Once every line containing "image" has been counted, report the total for the data and nothing else.

[Extracted records]
===============
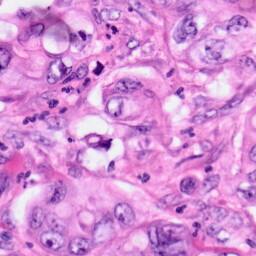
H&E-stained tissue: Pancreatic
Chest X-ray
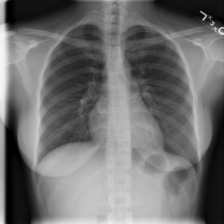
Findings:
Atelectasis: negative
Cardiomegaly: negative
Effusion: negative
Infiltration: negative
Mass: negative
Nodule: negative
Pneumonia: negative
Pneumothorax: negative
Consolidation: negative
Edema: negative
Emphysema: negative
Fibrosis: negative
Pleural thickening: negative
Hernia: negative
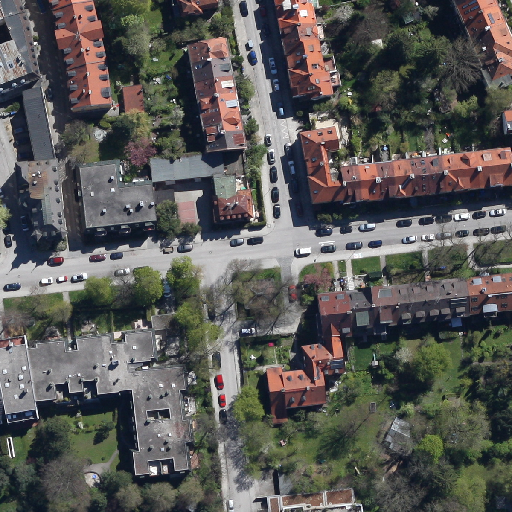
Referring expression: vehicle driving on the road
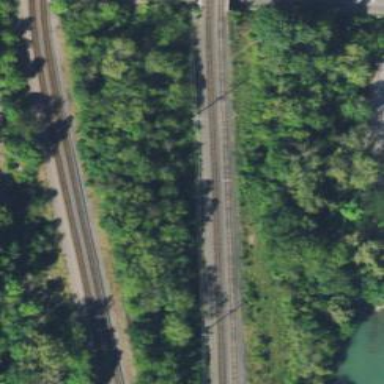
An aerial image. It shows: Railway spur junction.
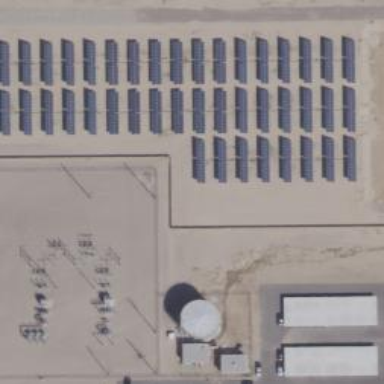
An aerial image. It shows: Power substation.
===============
FINISHED TASK> 2